一個無底深淵怎能成為星際飛行的捷徑呢?原來按照愛因斯坦的理論,黑洞是一個時空曲率趨於無限大——也就是說,時空本身已「閉合」起來的區域。但往後的計算顯示,若收縮的星體質量足夠大的話,時空在閉合到某一程度之後,會有重新開敞的可能,而被吸入的物體,將可以重現於宇宙之中。只是,這個「宇宙」已不再是我們原先出發的宇宙,而是另一個宇宙、另一個時空(姑毋論這是甚麼意思)。按照這一推論,黑洞的存在,可能形成一條時空的甬道(稱為「愛因斯坦-羅森橋接」),將兩個本來互不相干的宇宙連接起來。

這種匪夷所思的推論固然可以成為極佳的科幻素材,但對於克服在我們這個宇宙中的星際距離,則似乎幫助不大。然而,一些科學家指出,愛因斯坦所謂的另一個宇宙,很可能只是這一宇宙之內的別的區域。如果是的話,太空船便可由太空的某處飛進一個黑洞之內,然後在遠處的一個「白洞」(white hole)那兒走出來,其間無須經歷遙遠的星際距離。把黑洞和白洞連結起來的時空甬道,人們形象地稱之為「蛆洞」、「蛀洞」或「蟲洞」(wormhole)。

科幻作品裡常以穿越蟲洞作為星際旅行的快速通道。
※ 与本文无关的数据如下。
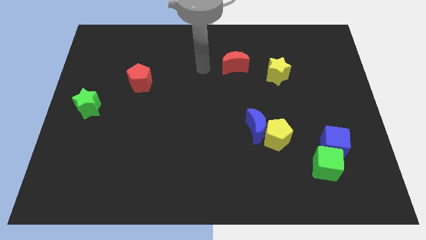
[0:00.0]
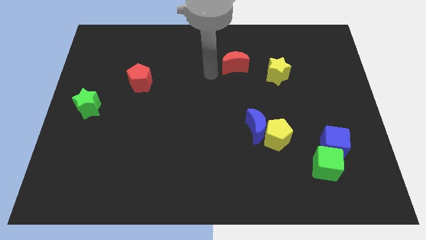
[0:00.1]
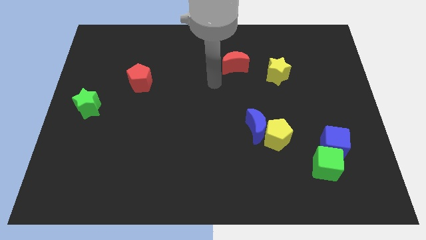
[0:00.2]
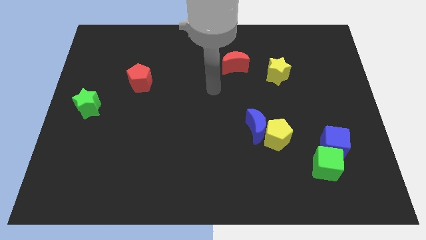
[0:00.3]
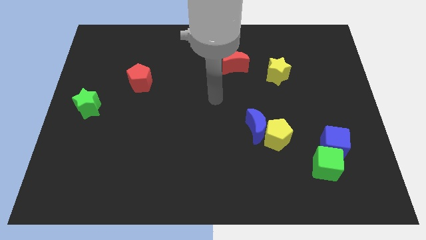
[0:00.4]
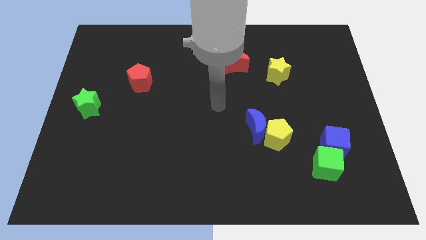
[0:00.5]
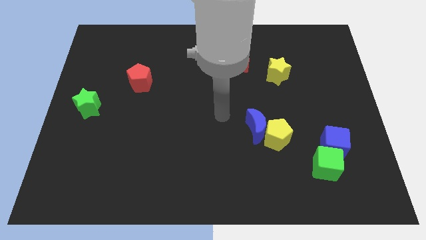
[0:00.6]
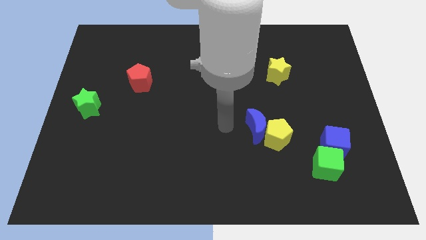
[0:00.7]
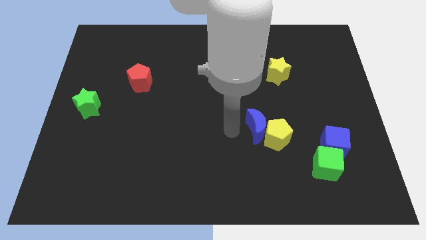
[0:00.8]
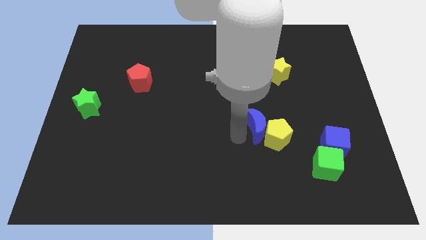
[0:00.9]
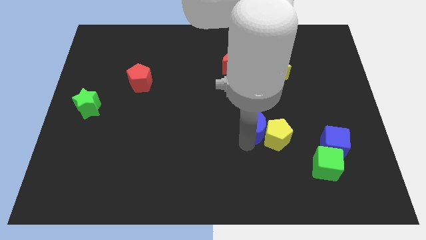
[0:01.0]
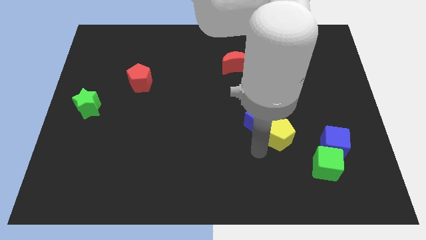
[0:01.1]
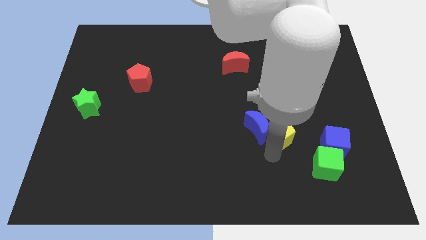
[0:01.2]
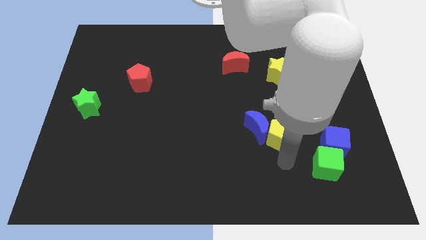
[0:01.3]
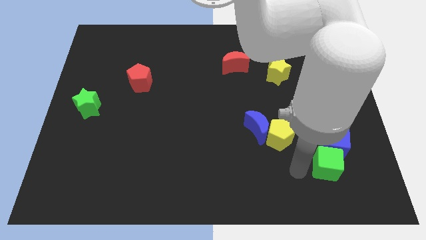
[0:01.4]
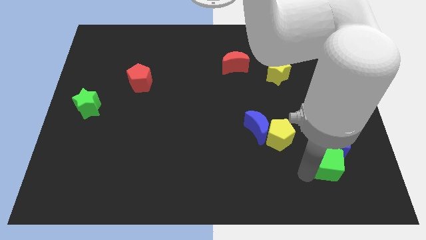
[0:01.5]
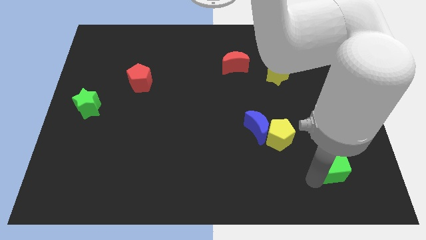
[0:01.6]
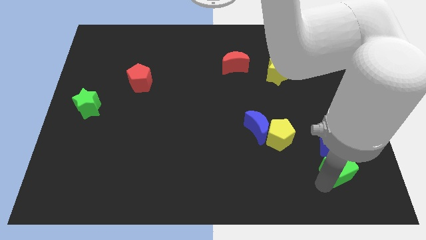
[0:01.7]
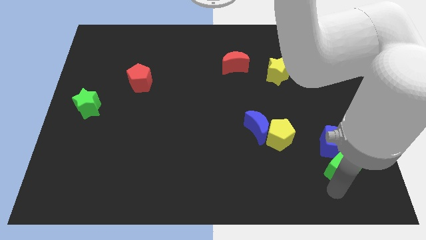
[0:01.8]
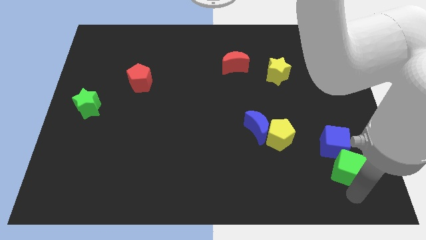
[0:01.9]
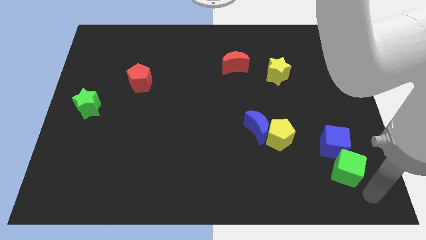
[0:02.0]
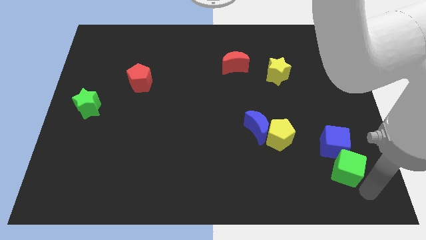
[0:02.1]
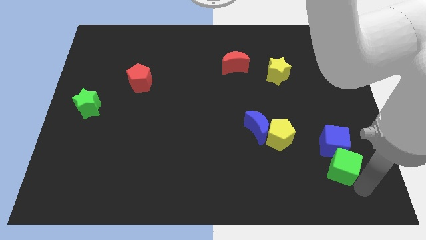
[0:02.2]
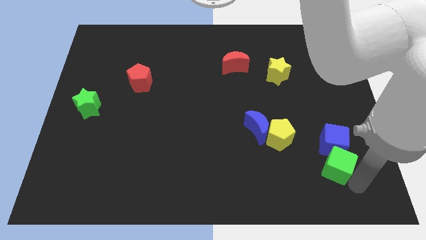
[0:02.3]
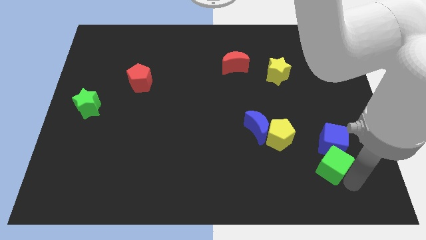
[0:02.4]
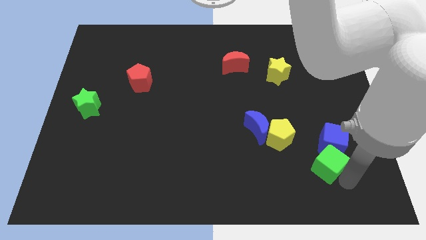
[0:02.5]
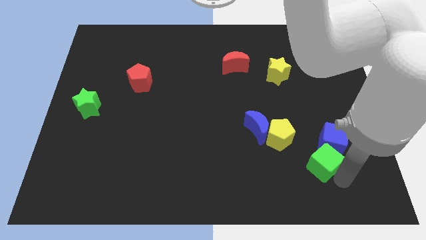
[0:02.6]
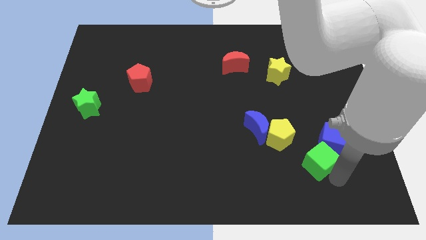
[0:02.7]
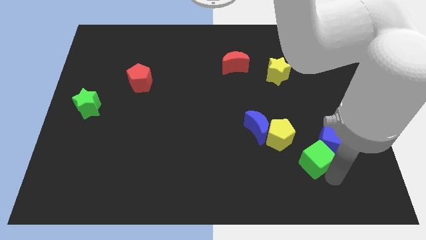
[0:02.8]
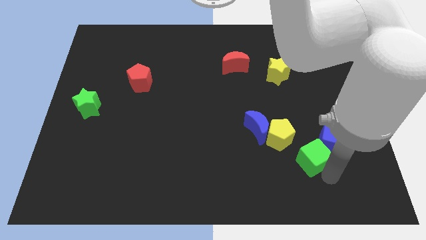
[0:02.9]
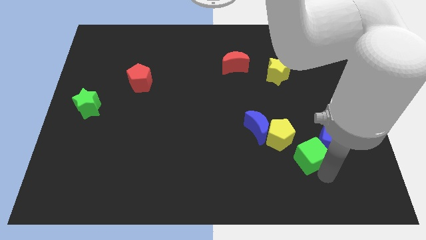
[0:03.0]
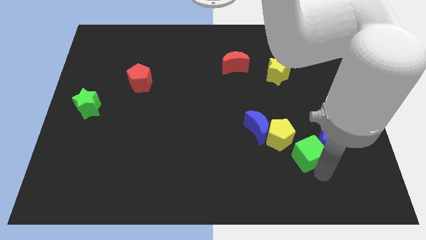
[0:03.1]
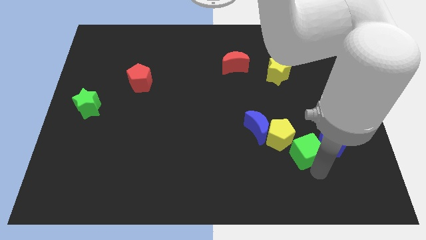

圖/envato

「蛆洞」是否標誌著未來星際旅行的「捷徑」呢?不少科幻創作正以此為題材。其中最著名的,是《星艦奇航記》第三輯《太空站深空 9 號》(Deep Space Nine, 1993-1999),在劇集裡,人類發現了一個遠古外星文明遺留下來的「蛆洞」,於是在旁邊建起了一個龐大的星際補給站,成為了星際航運的聚散地,而眾多精彩的故事便在這個太空站內展開。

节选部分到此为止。